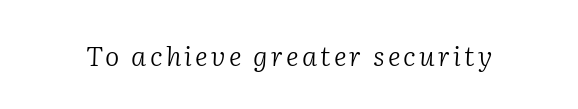
{"italic": "yes", "lean": "right", "slant_degrees": 2, "bold": "no", "underline": "no", "glyph_px": 27}
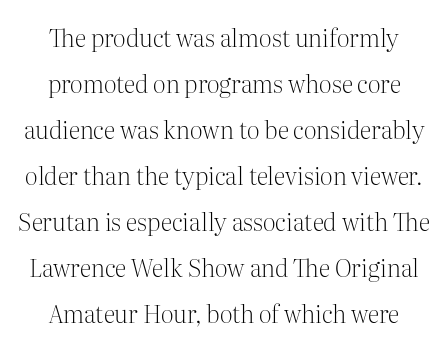
Each stroke keeps to a modest, everyday thickness or less. This block would shrink considerably if given ordinary leading; it's expanded now. No word sits above an underline. Ordinary non-slanted type is in use. Caption: standard tracking, unaltered.
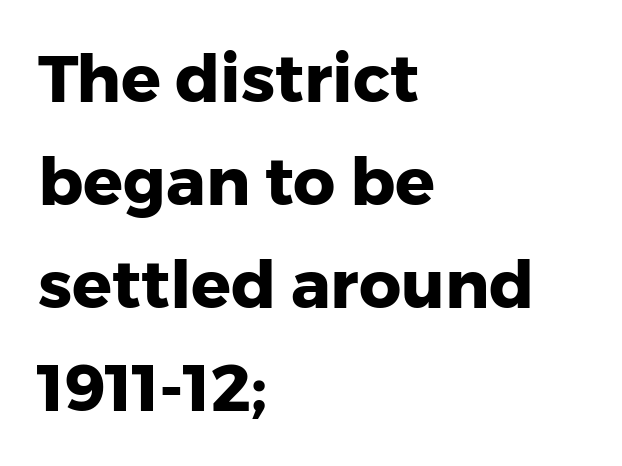
Q: Is the text bold? A: Yes.
Q: Is the text italic (slanted)? A: No, it is upright.
Q: Is the typeface a serif or a sans-serif typeface? A: Sans-serif.
Q: Is the text underlined? A: No.
Q: How is the paragraph aligned? A: Left-aligned.
Q: Is the spacing between letters normal or unusually wide? A: Normal.
Q: Is the spacing between lines tight, normal or loose? A: Normal.
Q: Width (condensed, normal, or wide)? A: Normal.
Q: Stroke contrast? A: Low.
Q: x-height? A: Medium.
Q: Monospaced? A: No.
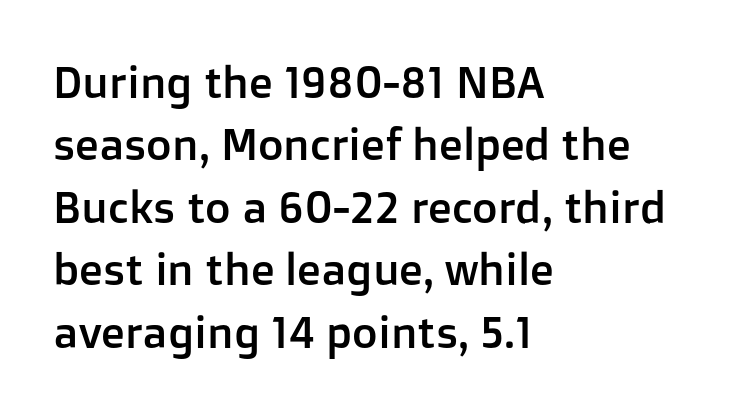
Q: Is the text italic (slanted)? A: No, it is upright.
Q: Is the typeface a serif or a sans-serif typeface? A: Sans-serif.
Q: Is the text underlined? A: No.
Q: How is the paragraph aligned? A: Left-aligned.
Q: Is the spacing between letters normal or unusually wide? A: Normal.
Q: Is the spacing between lines tight, normal or loose? A: Normal.
Q: Width (condensed, normal, or wide)? A: Normal.
Q: Stroke contrast? A: Low.
Q: x-height? A: Medium.
Q: Monospaced? A: No.
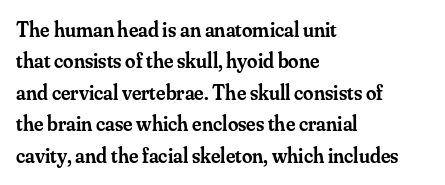
{"italic": "no", "bold": "semi", "underline": "no", "align": "left", "line_spacing": "normal", "line_spacing_ratio": 1.5, "letter_spacing": "normal", "letter_spacing_em": 0.0, "glyph_px": 21}
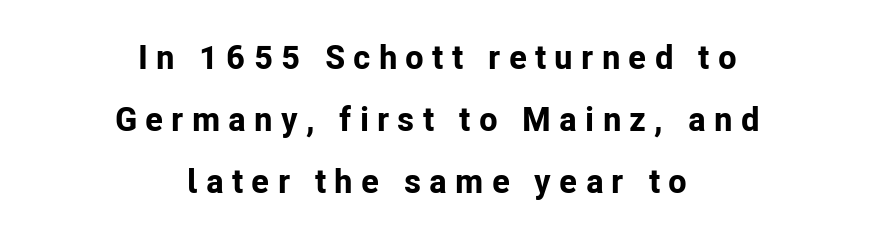
{"serif": "no", "italic": "no", "bold": "yes", "weight": "bold", "width": "normal", "stroke_contrast": "low", "x_height": "medium", "monospaced": "no", "underline": "no", "align": "center", "line_spacing_ratio": 1.82, "letter_spacing": "wide", "letter_spacing_em": 0.24, "glyph_px": 34}
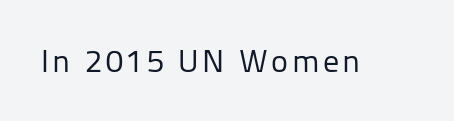
The image shows 32 px regular-weight sans-serif type, upright; set not underlined; low stroke contrast and a medium x-height.
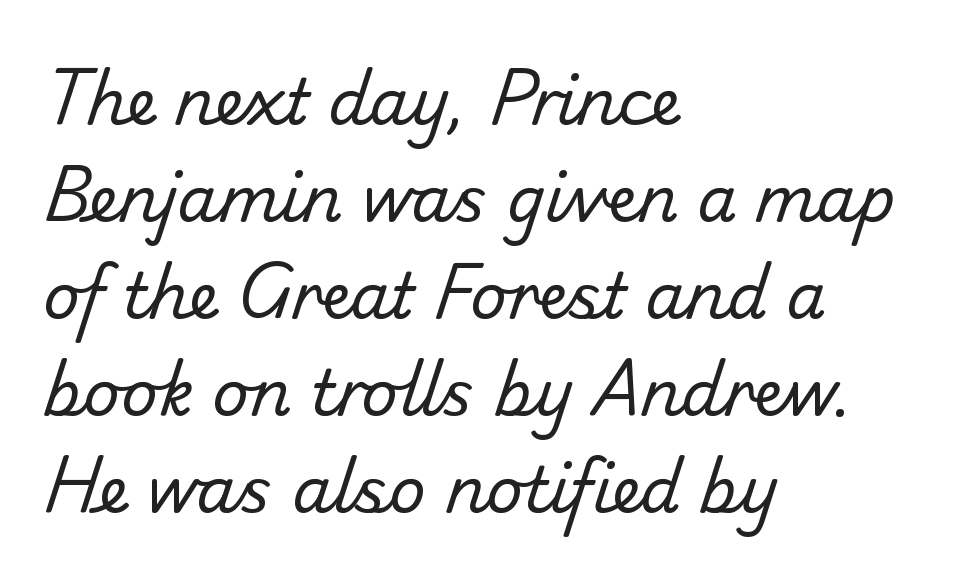
The image shows 63 px regular-weight sans-serif type; set left-aligned, normal line spacing (1.54x), normal letter spacing, not underlined; low stroke contrast and a small x-height.
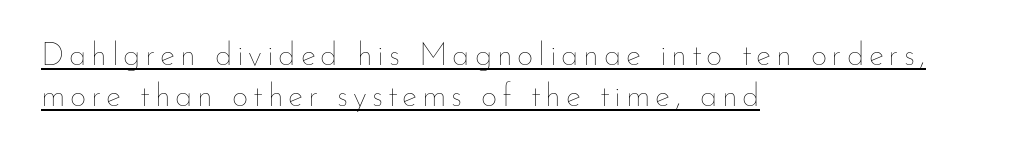
{"italic": "no", "bold": "no", "weight": "thin", "width": "normal", "stroke_contrast": "low", "x_height": "small", "monospaced": "no", "underline": "yes", "align": "left", "line_spacing": "normal", "line_spacing_ratio": 1.29, "glyph_px": 32}
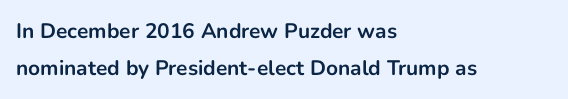
A roman cut, with each character standing at attention. Caption: standard tracking, unaltered. Clear beneath every line of the passage. Caption: bold face, heavy strokes.
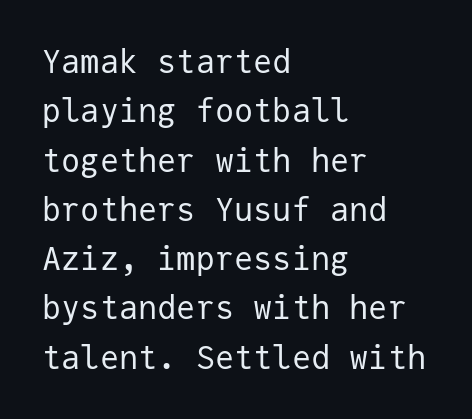
Q: Is the text bold? A: No.
Q: Is the text italic (slanted)? A: No, it is upright.
Q: Is the typeface a serif or a sans-serif typeface? A: Sans-serif.
Q: Is the text underlined? A: No.
Q: How is the paragraph aligned? A: Left-aligned.
Q: Is the spacing between letters normal or unusually wide? A: Normal.
Q: Is the spacing between lines tight, normal or loose? A: Normal.
Q: Width (condensed, normal, or wide)? A: Normal.
Q: Stroke contrast? A: Low.
Q: x-height? A: Medium.
Q: Monospaced? A: Yes.
———
What you need to do
Copy each line of the data that contains the word "shows", leaving the other lines out.

Solution to the problem
The image shows 32 px regular-weight sans-serif type, upright; set not underlined; low stroke contrast and a medium x-height.
The image shows 63 px regular-weight sans-serif type; set left-aligned, normal line spacing (1.54x), normal letter spacing, not underlined; low stroke contrast and a small x-height.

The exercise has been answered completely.